Extracted data entries
'''

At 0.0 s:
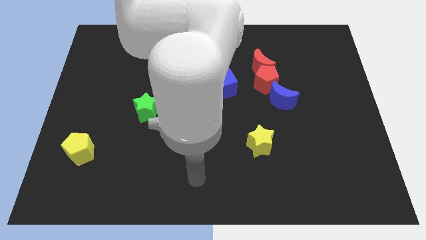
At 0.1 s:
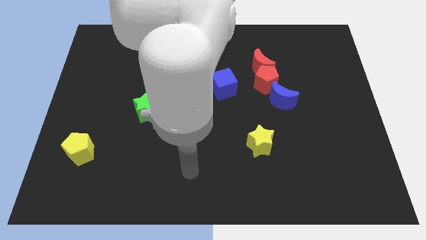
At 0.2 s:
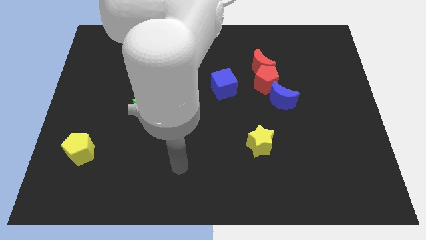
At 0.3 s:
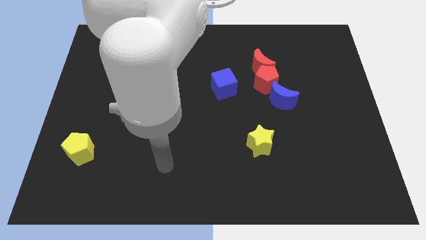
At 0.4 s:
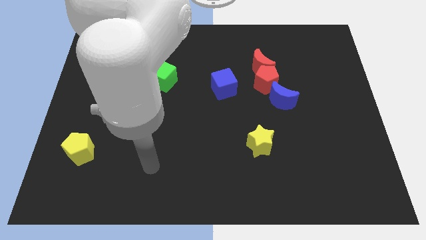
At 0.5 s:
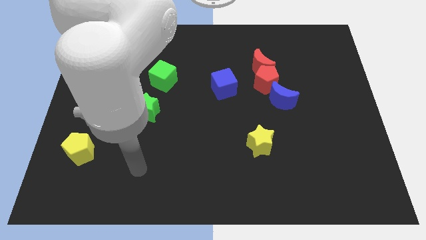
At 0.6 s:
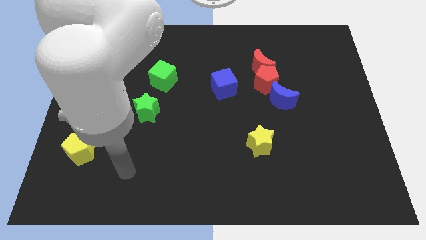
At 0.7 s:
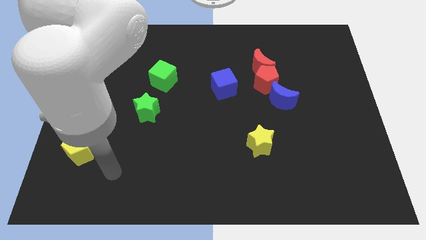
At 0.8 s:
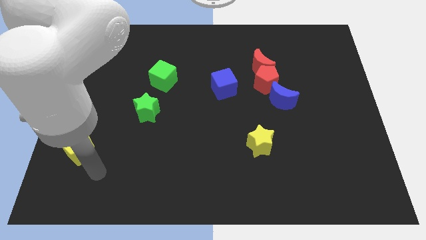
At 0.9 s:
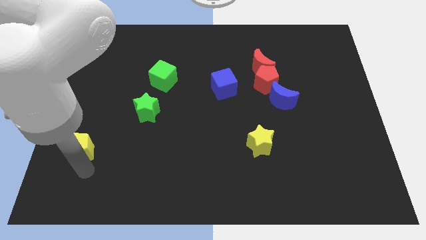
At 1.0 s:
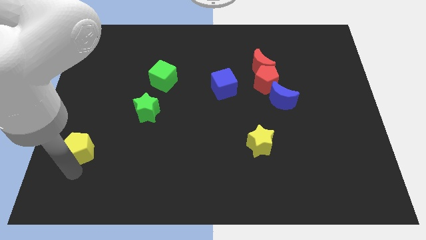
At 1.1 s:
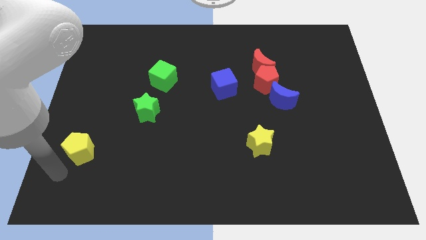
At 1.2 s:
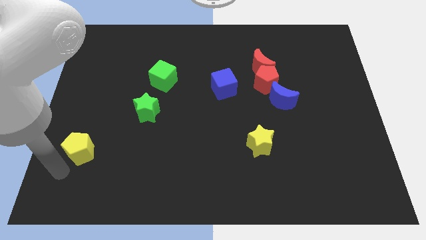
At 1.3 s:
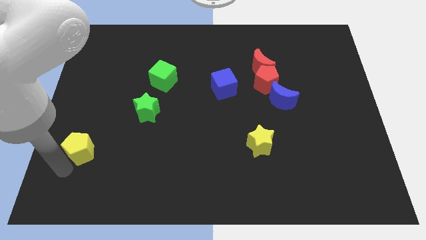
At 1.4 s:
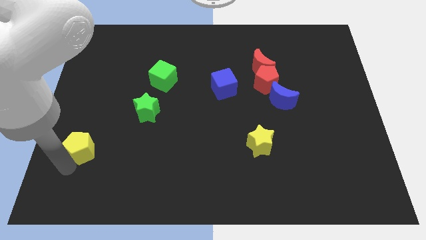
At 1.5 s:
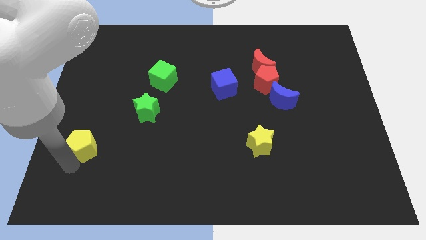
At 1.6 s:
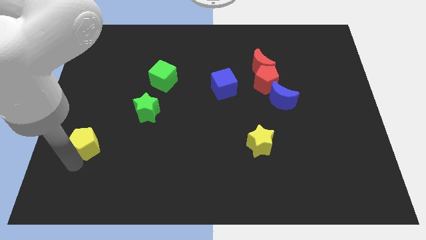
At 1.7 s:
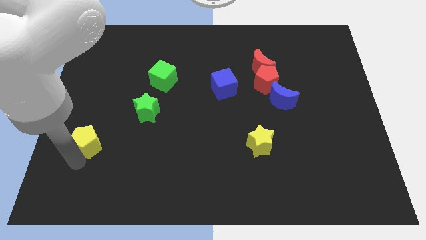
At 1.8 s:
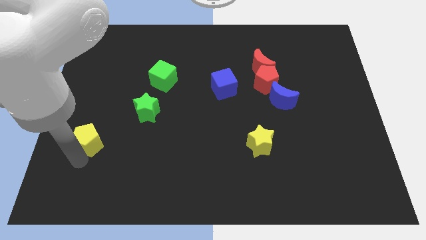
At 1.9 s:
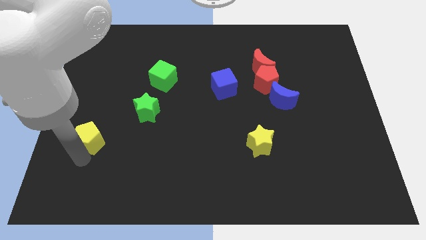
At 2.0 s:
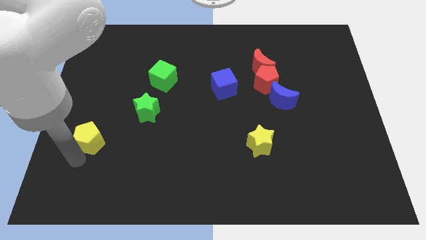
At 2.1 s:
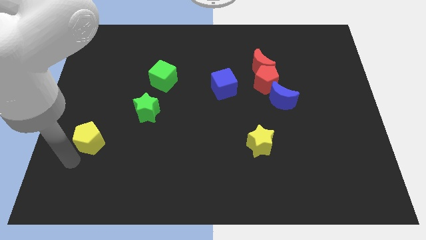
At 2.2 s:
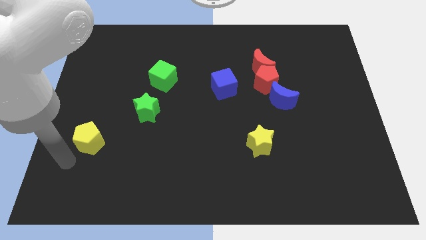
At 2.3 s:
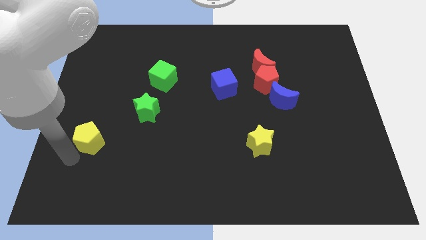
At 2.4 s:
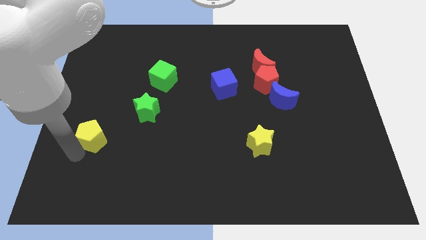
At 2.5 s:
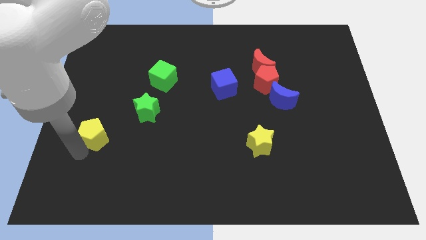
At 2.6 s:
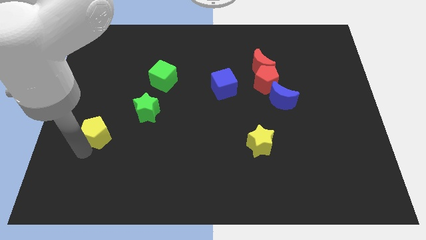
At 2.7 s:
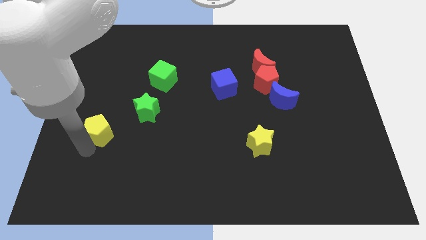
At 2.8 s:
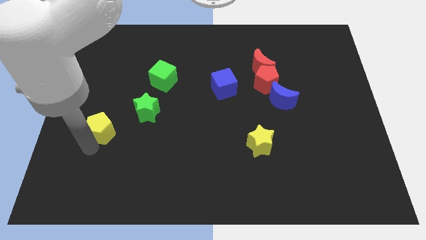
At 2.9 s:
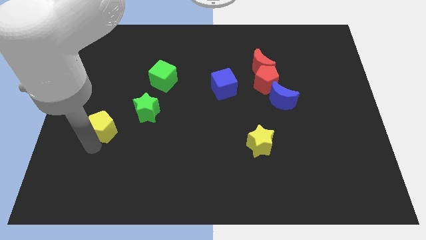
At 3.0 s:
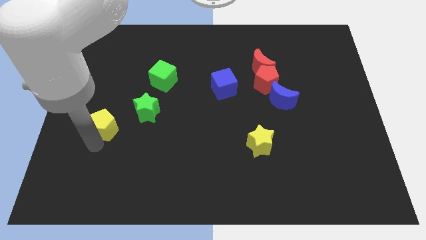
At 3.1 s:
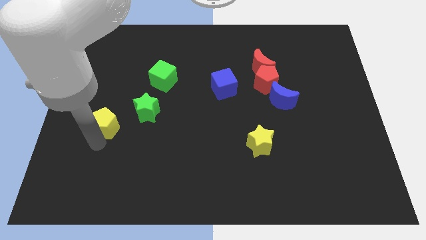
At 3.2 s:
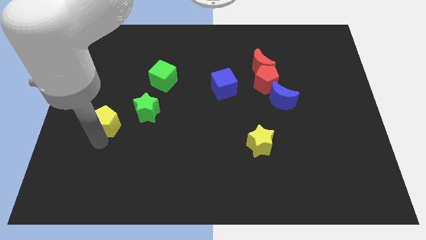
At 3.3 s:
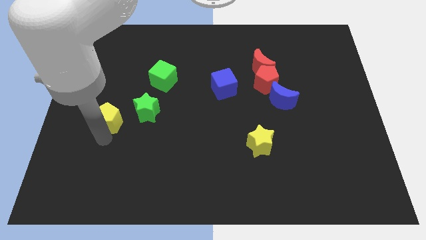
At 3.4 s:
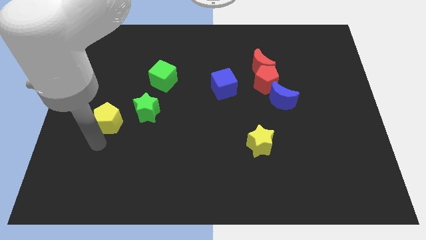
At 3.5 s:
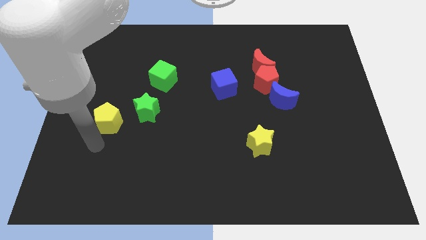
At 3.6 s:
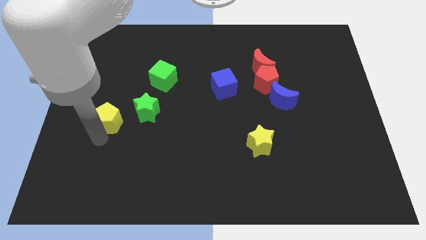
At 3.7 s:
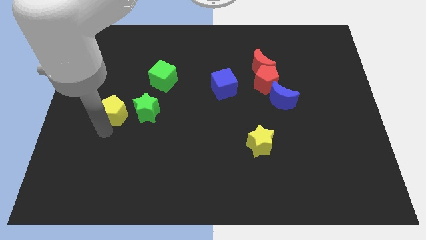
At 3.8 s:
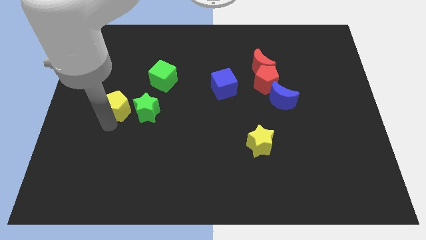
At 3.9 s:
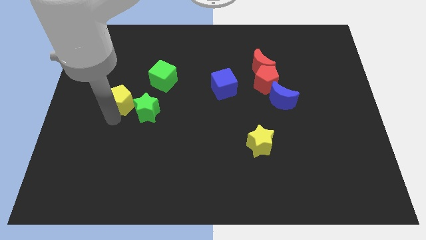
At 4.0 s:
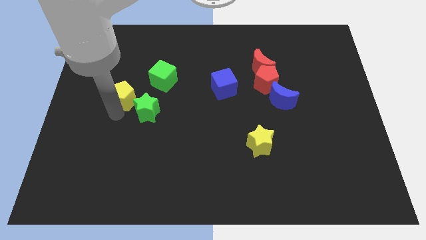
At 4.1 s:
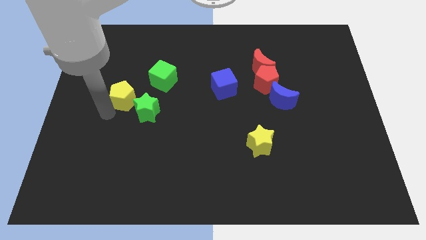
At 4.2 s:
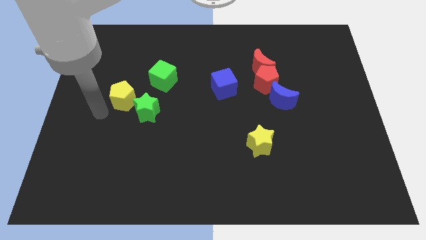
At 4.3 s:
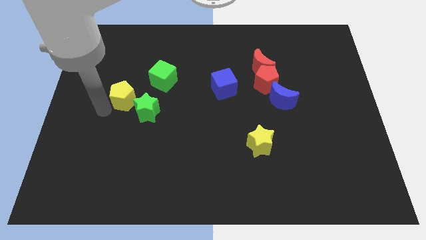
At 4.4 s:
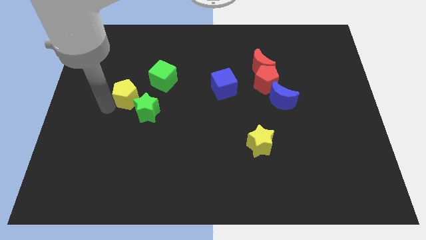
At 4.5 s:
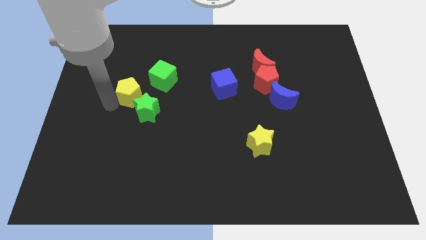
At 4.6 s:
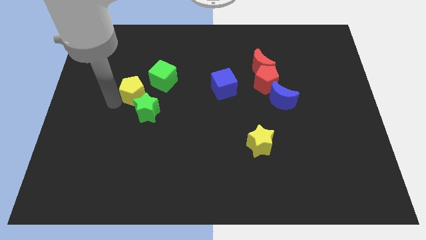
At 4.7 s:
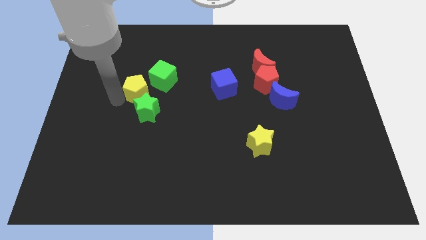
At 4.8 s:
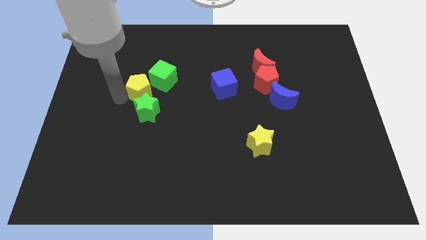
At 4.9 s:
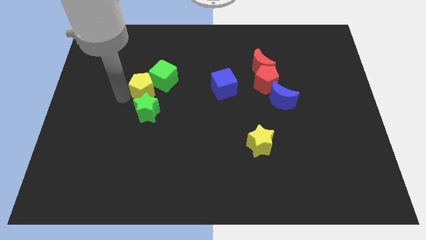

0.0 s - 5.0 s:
slide the yellow pentagon close to the green cube

'''

— Problem to work on —
The output must be every line of the records, printed exactly, with the pictures omitted.

— Exercise output —
At 0.0 s:
At 0.1 s:
At 0.2 s:
At 0.3 s:
At 0.4 s:
At 0.5 s:
At 0.6 s:
At 0.7 s:
At 0.8 s:
At 0.9 s:
At 1.0 s:
At 1.1 s:
At 1.2 s:
At 1.3 s:
At 1.4 s:
At 1.5 s:
At 1.6 s:
At 1.7 s:
At 1.8 s:
At 1.9 s:
At 2.0 s:
At 2.1 s:
At 2.2 s:
At 2.3 s:
At 2.4 s:
At 2.5 s:
At 2.6 s:
At 2.7 s:
At 2.8 s:
At 2.9 s:
At 3.0 s:
At 3.1 s:
At 3.2 s:
At 3.3 s:
At 3.4 s:
At 3.5 s:
At 3.6 s:
At 3.7 s:
At 3.8 s:
At 3.9 s:
At 4.0 s:
At 4.1 s:
At 4.2 s:
At 4.3 s:
At 4.4 s:
At 4.5 s:
At 4.6 s:
At 4.7 s:
At 4.8 s:
At 4.9 s:

0.0 s - 5.0 s:
slide the yellow pentagon close to the green cube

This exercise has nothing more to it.